The study included data from 1993 through 2010 and showed that the pumping of as much as 2,150 gigatons of groundwater has caused a change in the Earth’s tilt of roughly 31.5 inches, thanks to. The pumping is mainly for irrigation and human use, with the groundwater eventually relocating to the oceans.

In the study, researchers modeled observed changes in the drift of Earth’s rotational pole and water movement. Across varying scenarios, the only model that matched the drift included 2,150 gigatons of groundwater distribution.

Surendra Adhikari, a research scientist at NASA’s Jet Propulsion Laboratory who was involved in the 2016 study, says the additional research is important. “They’ve quantified the role of groundwater pumping on polar motion,” he says in a news release, “and it’s pretty significant.”

Where the water moves from—and to—matters.
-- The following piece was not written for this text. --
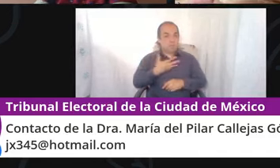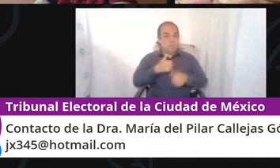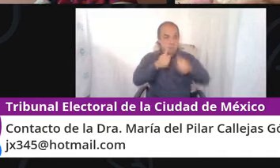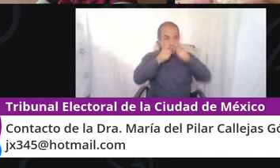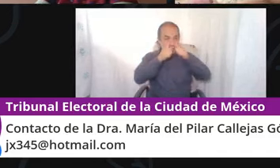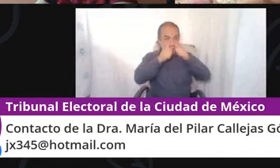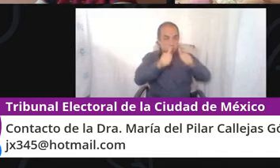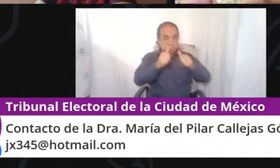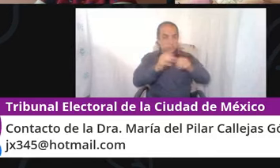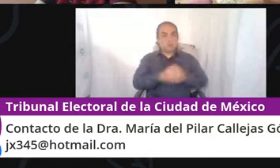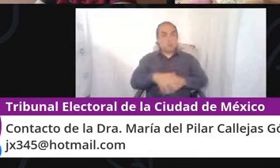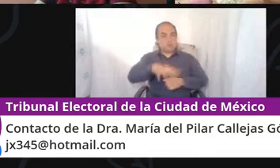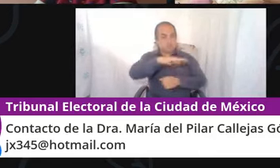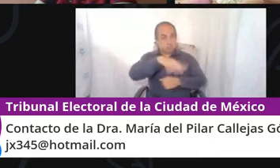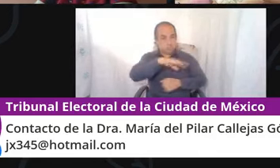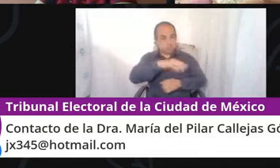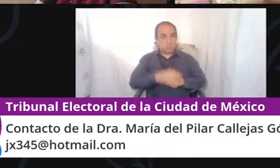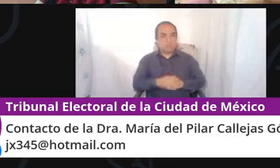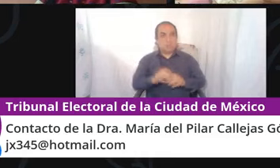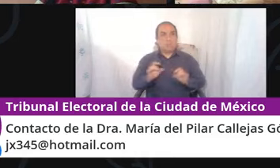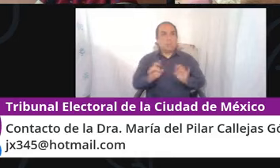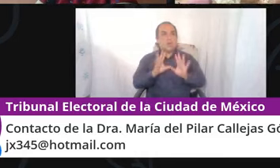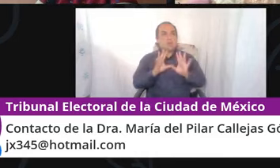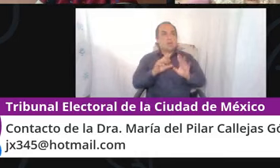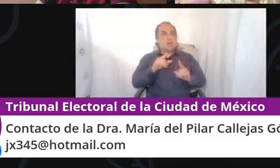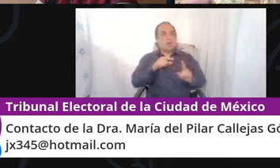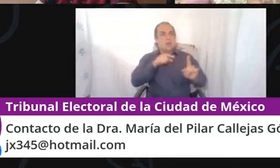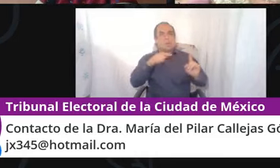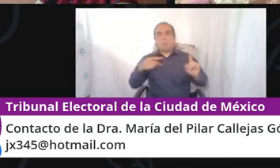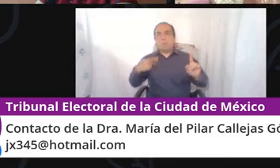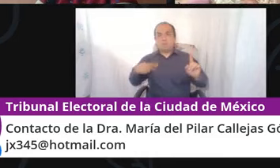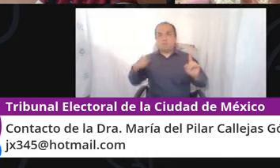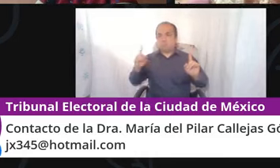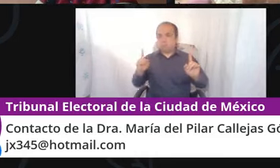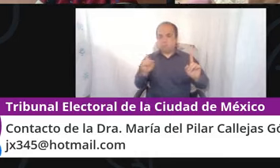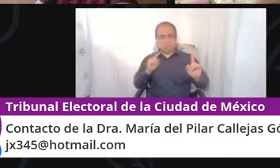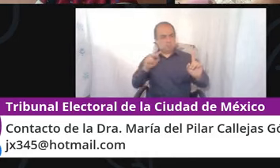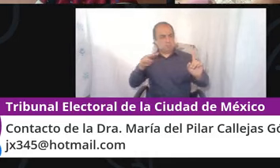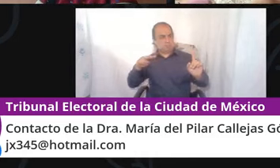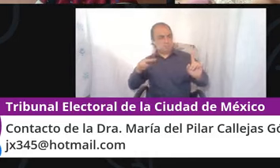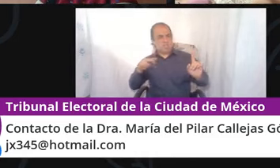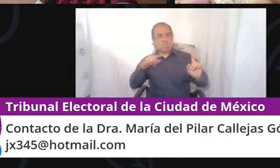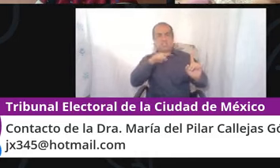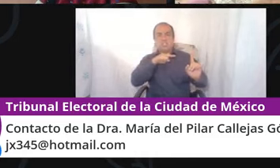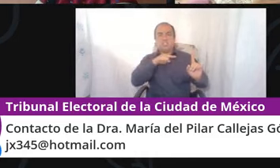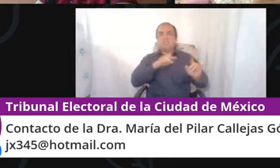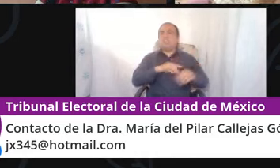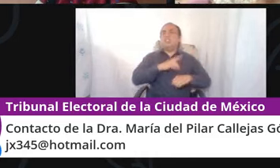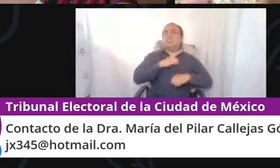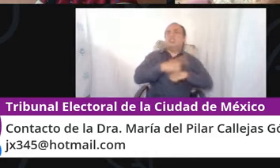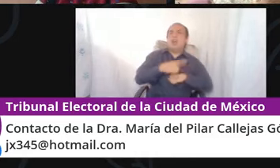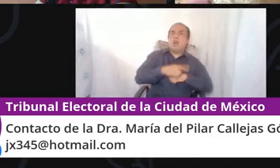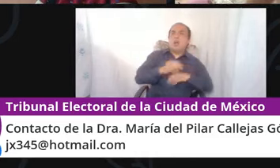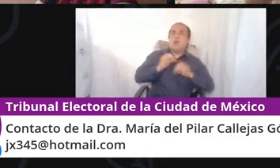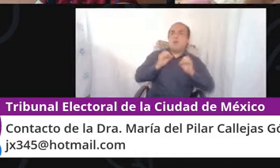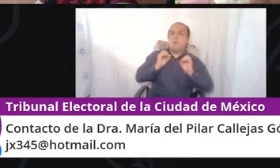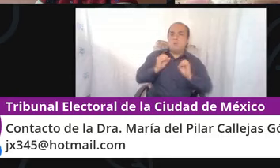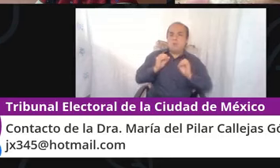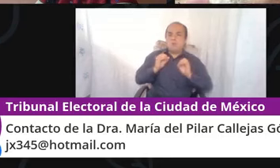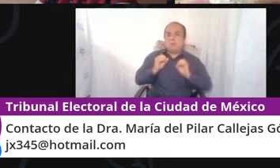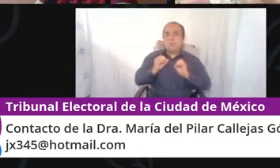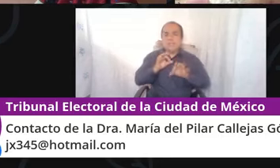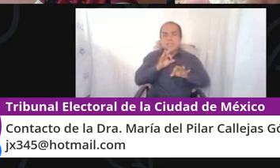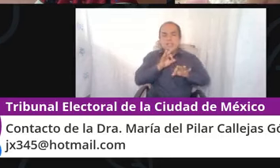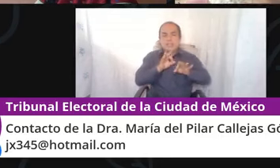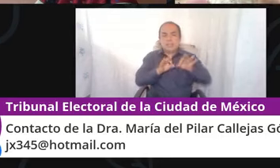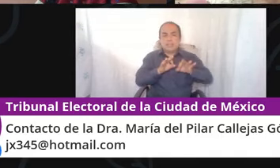externa lo observa y que lo, que ve que a lo mejor se hace daño, ¿no? que intenta hacerse daño, eso

Redistributing water from the midlatitudes makes the biggest difference, so our intense water movement from both western North America and northwestern India has played a key role in the tilt changes.

Now that the impact of water movement is known for such a short–and relatively recent—time, digging through historical data may help show trends and provide greater depth to the understanding of groundwater movement effects.

“Observing changes in Earth’s rotational pole is useful,” Seo says, “for understanding continent-scale water storage variations.”

This data may also help conservationists understand how to work toward staving off continued sea level rise and other climate issues. Hopefully, changes can be properly implemented over time.